Personally, I think Joseph Hansen is amazingly and unfairly underrated and would repay anyone willing to pay close attention. Found this online:
It's not until Joseph Hansen's Dave Brandstetter series hit print in 1970 that a well-rounded, serious, and effective gay
detective was unveiled. Brandstetter starts out as an insurance investigator in California, then in later books becomes
a PI. Middle-aged in the first novel, FADEOUT (1970), Brandstetter had lost his lover of 25 years, and his grief
complements his hard-boiled character quite well. In a twelve book series spanning 21 years, Hansen paints a portrait
of a complex and interesting sleuth. The mystery plots are twisty and complicated and as well-plotted as any sleuth
story in print at the time. Hansen tackles issues of AIDS and homophobia as well as typical mystery fare like drug
dealing and toxic dumping. As University of Michigan professor Ted-Larry Pebworth has written, "For the first time
in the crime genre, Hansen presented gay men and lesbians in all their variety, without sensation, as simply men
and women with understandable desires, triumphs, and frustrations."
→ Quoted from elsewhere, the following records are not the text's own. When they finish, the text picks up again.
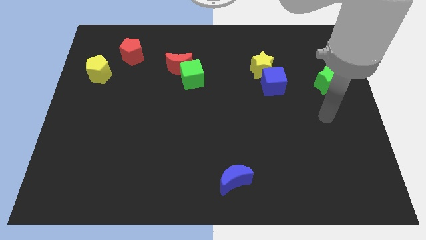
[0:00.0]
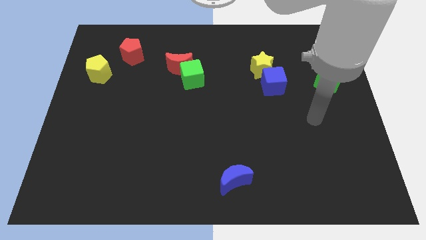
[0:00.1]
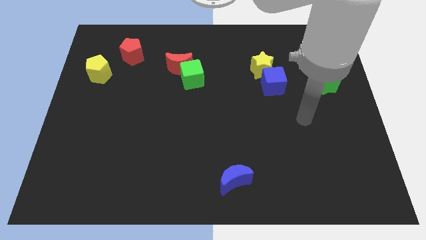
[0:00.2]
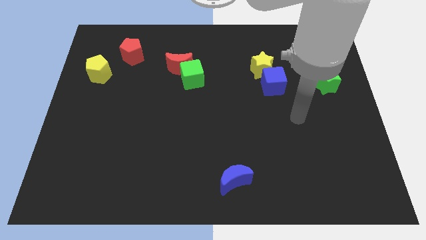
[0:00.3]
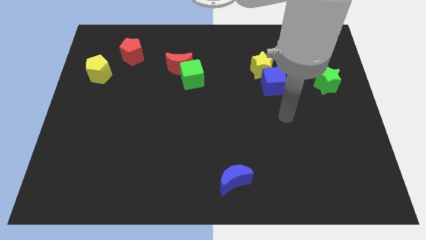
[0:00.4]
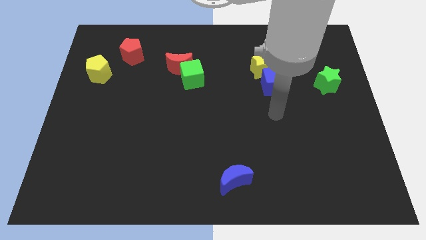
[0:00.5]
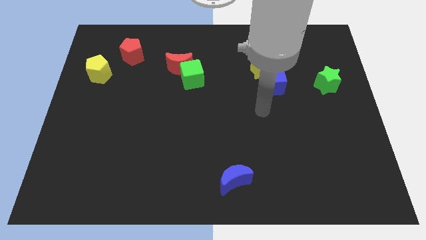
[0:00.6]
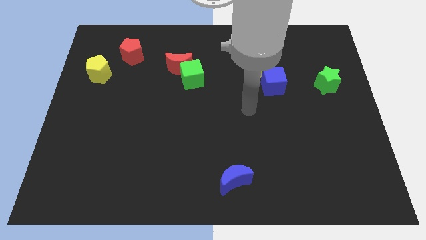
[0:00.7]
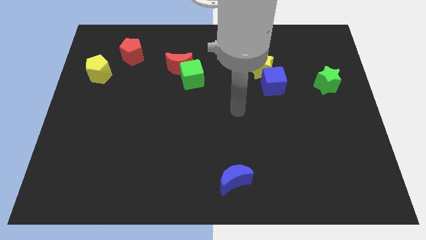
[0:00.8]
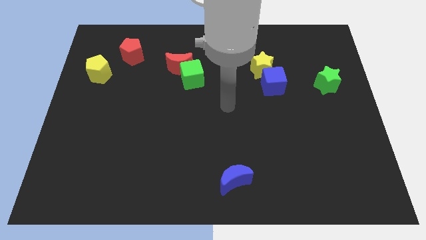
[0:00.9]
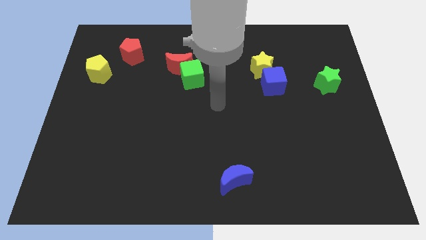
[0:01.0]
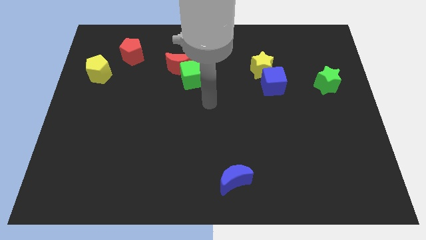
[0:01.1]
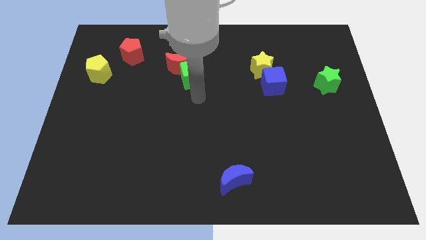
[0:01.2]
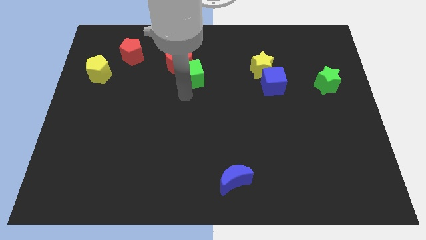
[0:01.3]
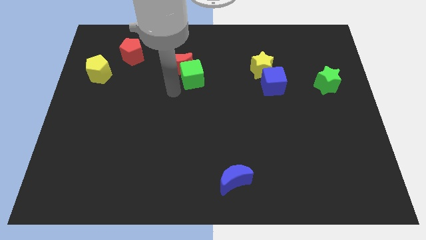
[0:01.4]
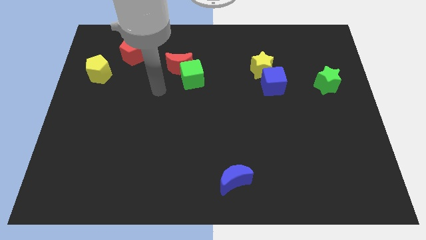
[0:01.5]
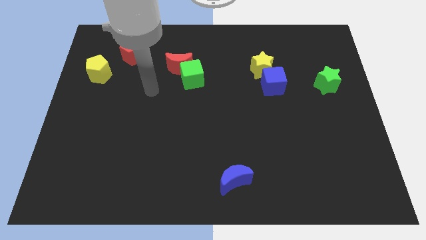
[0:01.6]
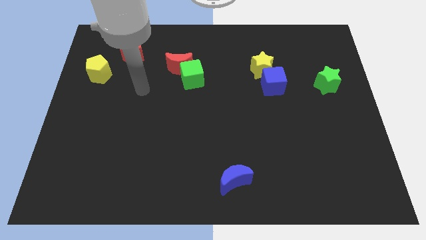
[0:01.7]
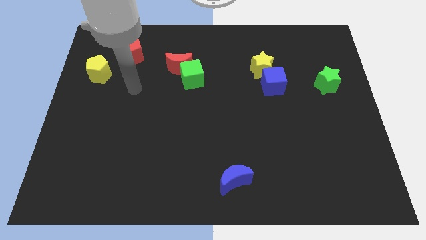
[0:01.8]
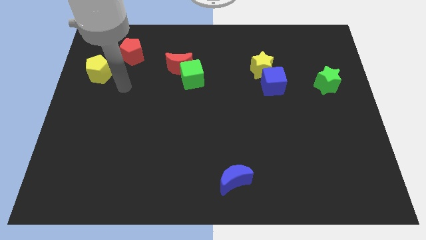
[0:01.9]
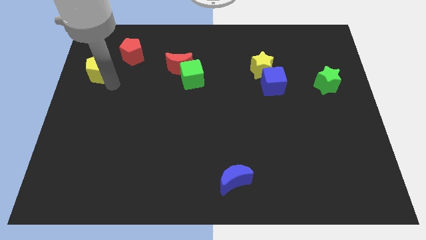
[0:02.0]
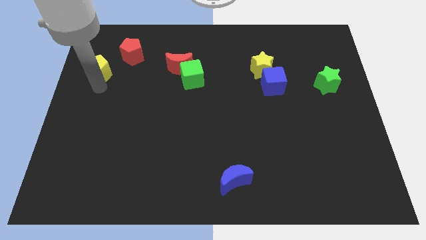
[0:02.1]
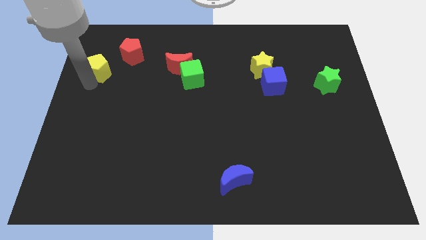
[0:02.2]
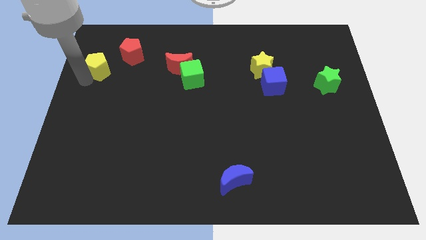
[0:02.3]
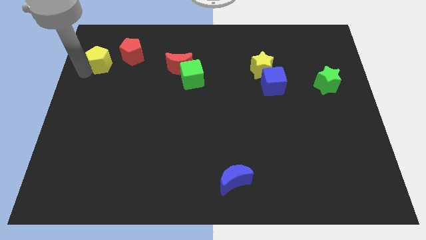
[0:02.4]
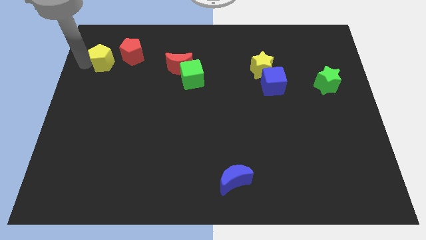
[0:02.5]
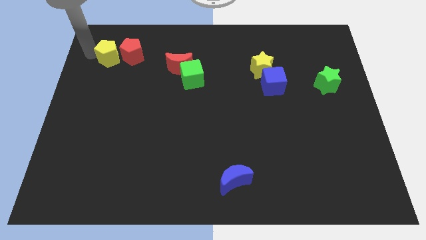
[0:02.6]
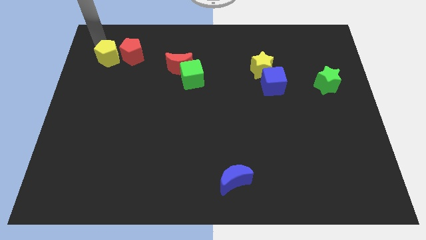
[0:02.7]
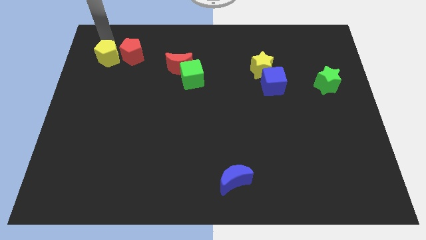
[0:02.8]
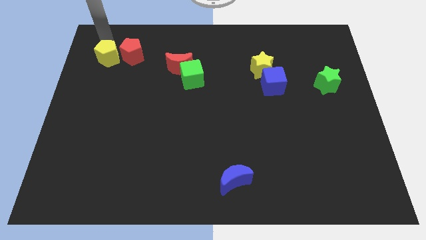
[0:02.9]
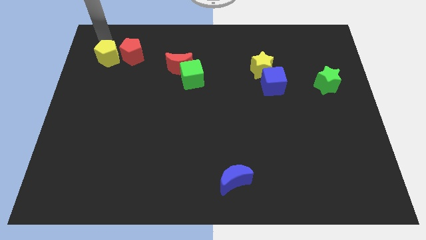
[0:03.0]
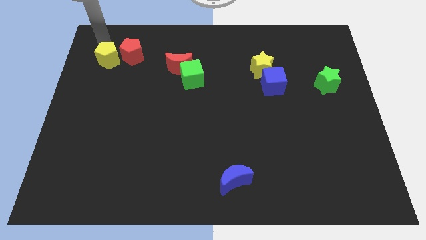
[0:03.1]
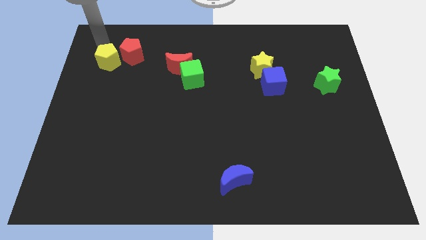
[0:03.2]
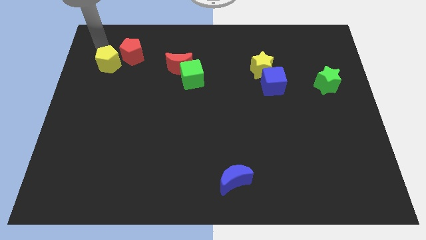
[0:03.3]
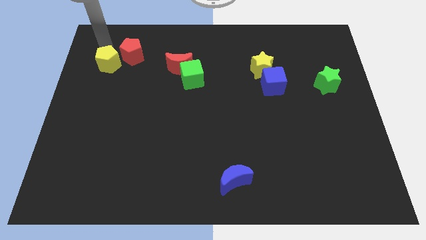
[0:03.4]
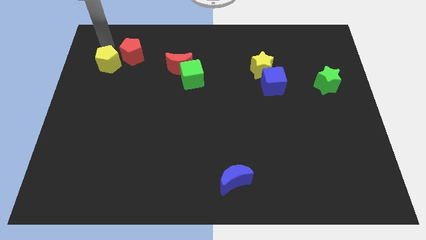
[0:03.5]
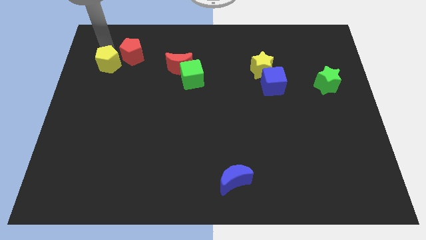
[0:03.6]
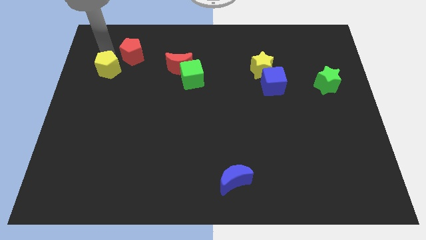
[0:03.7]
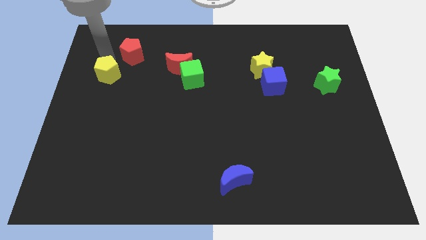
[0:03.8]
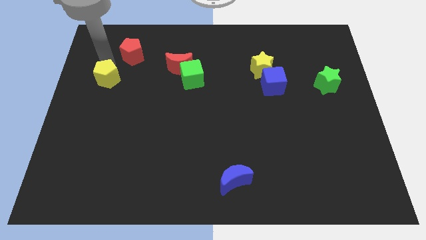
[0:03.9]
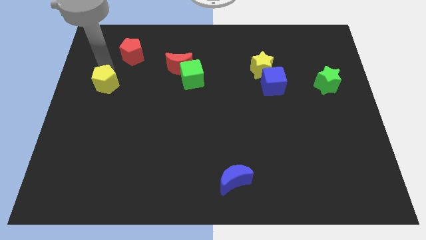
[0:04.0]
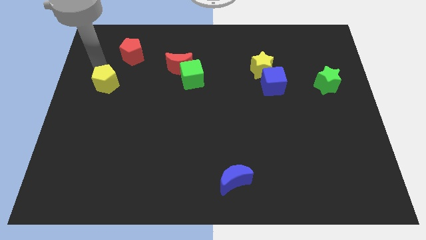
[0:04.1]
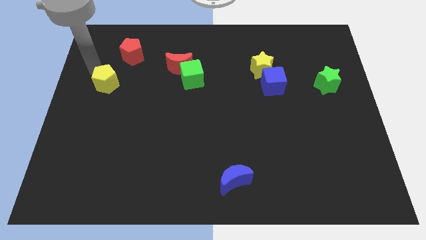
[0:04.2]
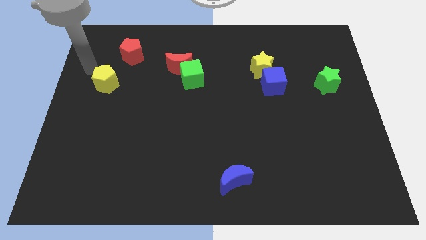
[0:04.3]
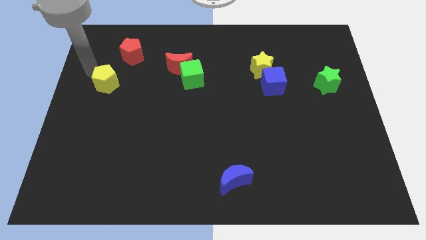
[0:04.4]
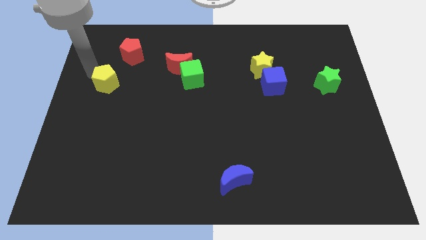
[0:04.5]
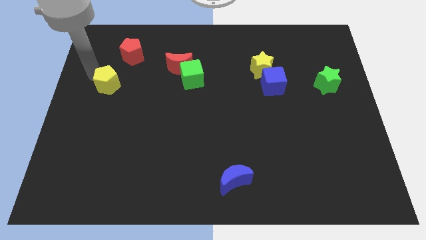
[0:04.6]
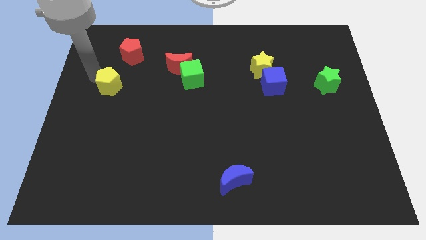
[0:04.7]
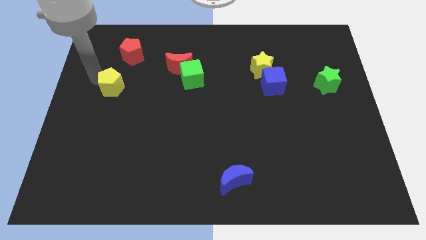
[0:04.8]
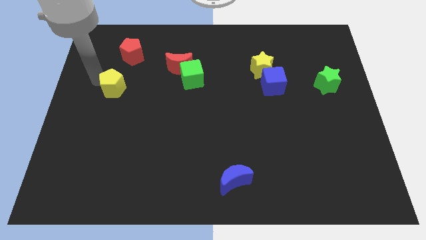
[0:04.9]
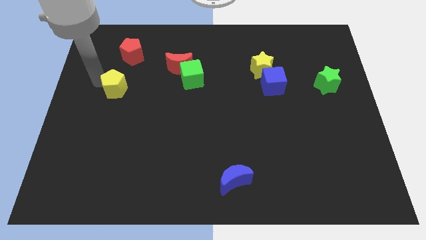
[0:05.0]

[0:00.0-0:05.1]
slide the yellow pentagon down and right diagonally a bit

Author Lori Lake has other useful information and tips in this essay, "Gay & Lesbian Detective Novels," online at
hXXp://www.lorillake.com/gaydetective.html
Hansen's series develops and changes with the romantic situation of his detective, but rarely includes much direct discussion of physical lovemaking. But his prose is brilliant, as pure and clear as a mountain stream, without a single wasted word, a single superfluous sentence. That means he says everything necessary, but just once, and it is easy to miss the clues and the story because his appeal is not to the stupid or the ignorant. He does not have the word power that stuns in Raymond Chandler, but he is just as spare, and lean, and ruthless in his pursuit of the story.
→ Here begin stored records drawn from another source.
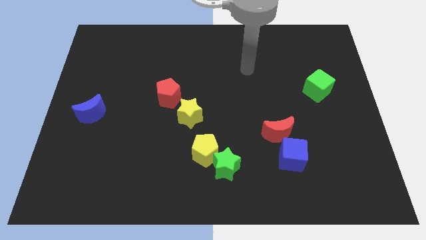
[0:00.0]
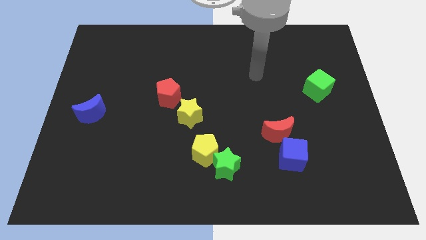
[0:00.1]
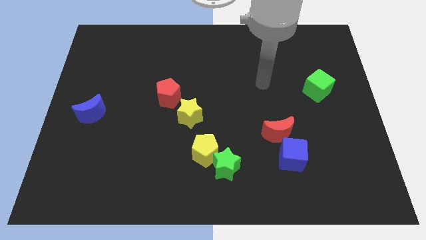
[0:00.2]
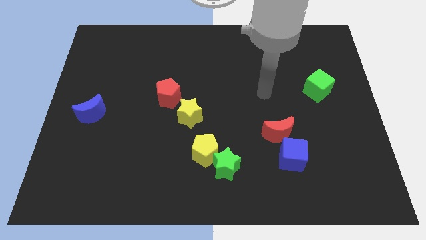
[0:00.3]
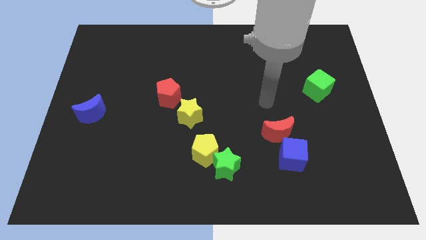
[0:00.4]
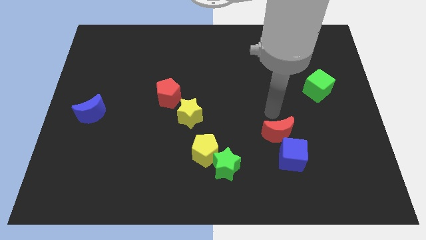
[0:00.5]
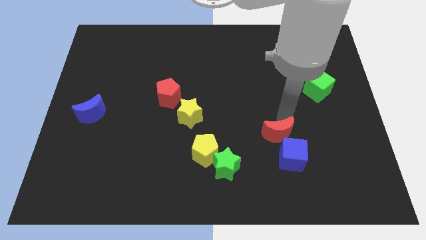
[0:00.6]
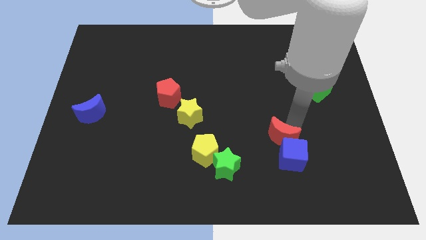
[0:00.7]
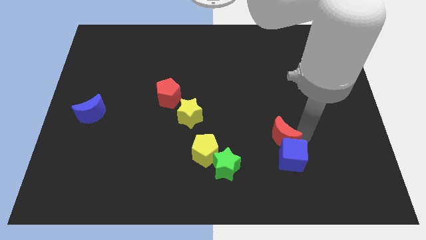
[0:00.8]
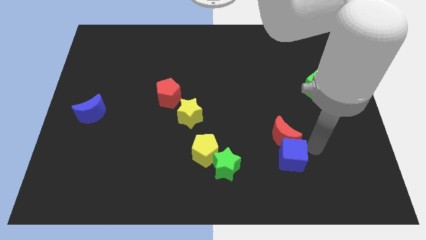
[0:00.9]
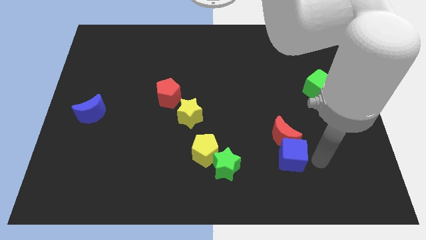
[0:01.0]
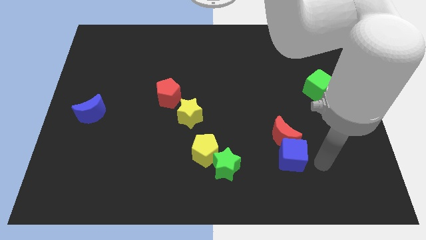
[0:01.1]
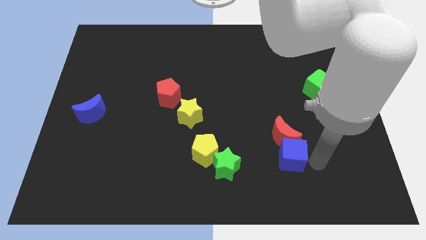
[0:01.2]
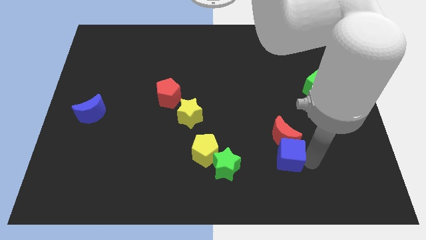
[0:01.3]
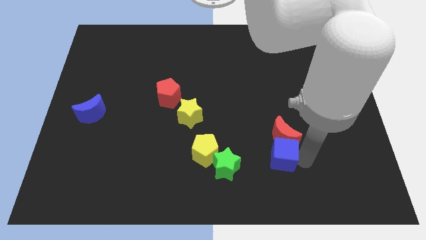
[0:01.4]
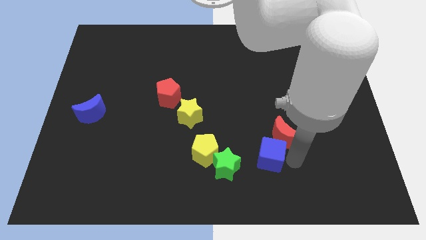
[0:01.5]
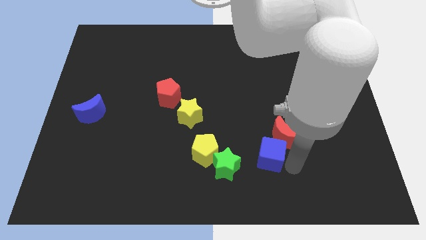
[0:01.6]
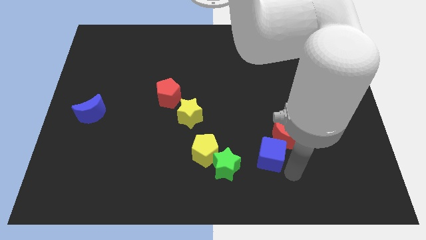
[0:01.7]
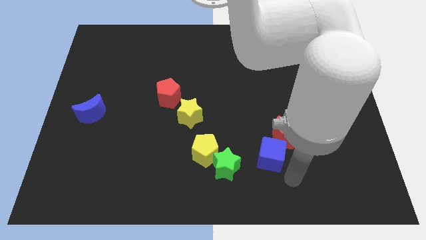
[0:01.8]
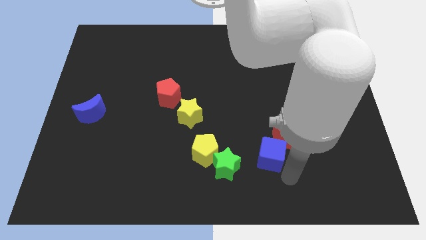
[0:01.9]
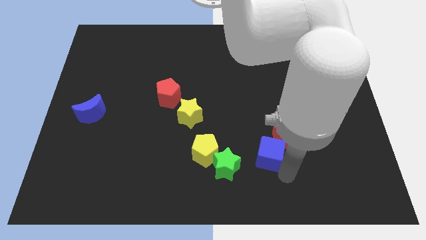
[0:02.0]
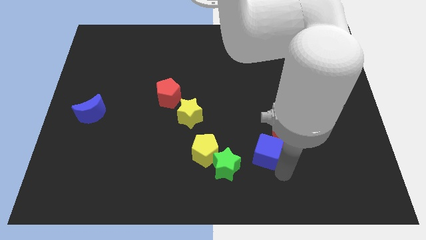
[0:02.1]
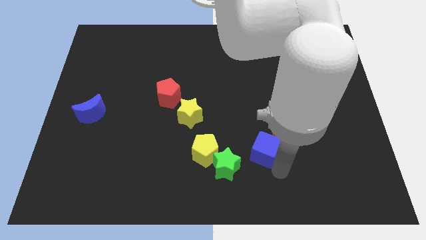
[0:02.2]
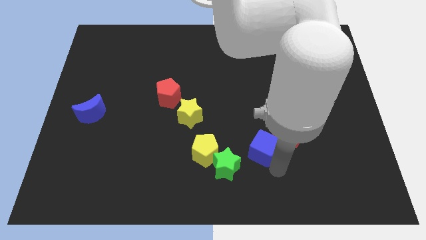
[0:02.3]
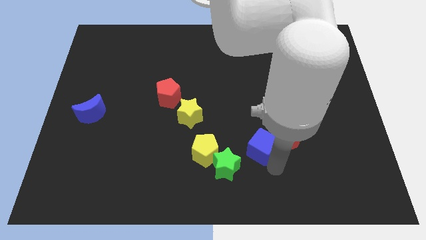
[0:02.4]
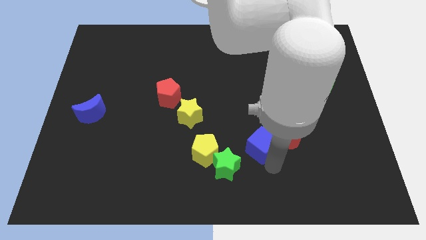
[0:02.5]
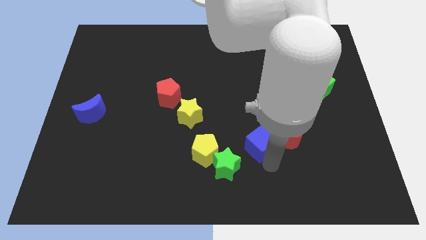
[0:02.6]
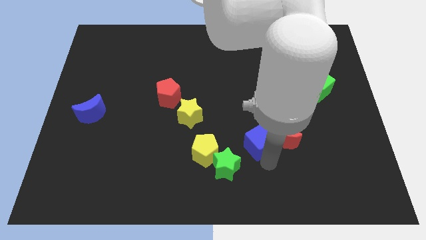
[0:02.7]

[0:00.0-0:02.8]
push the blue cube somewhat upwards and to the left diagonally

And so on. James Baldwin was another writer who was early to address gay issues, and bookstores are full of others, though not all as central to modern writing as most of the names mentioned here. Armisted Maupin's Tales of the City series is alternately outrageous, shocking, hilarious, and moving, though the degree to which he captured the San Francisco zeitgeist when he began groping his way forward with a serialized story where he had no idea what barriers he could safely break may not be evident to those who were not around at the time.
I'm reminded of the character visited by his parents, one of whom found poppers in his refrigerator, which he alibied as "paintbrush cleaner." May have been the first reference to the little brown bottle in all of fiction (happy to be corrected, of course), and if anyone can recall seeing poppers on television or popular nonporn movies, that might still be a first. (Similarly, I doubt anyone had discussed rimming in print before Burroughs talked about it in Naked Lunch.)
Which is, to my mind, all the more reason to hope there are other good sites that can be added to this thread, and even other remarks by those who would like to find good stuff to read that is not best approached with one hand free to celebrate the details so easy to indulge online at a place like Nifty.org.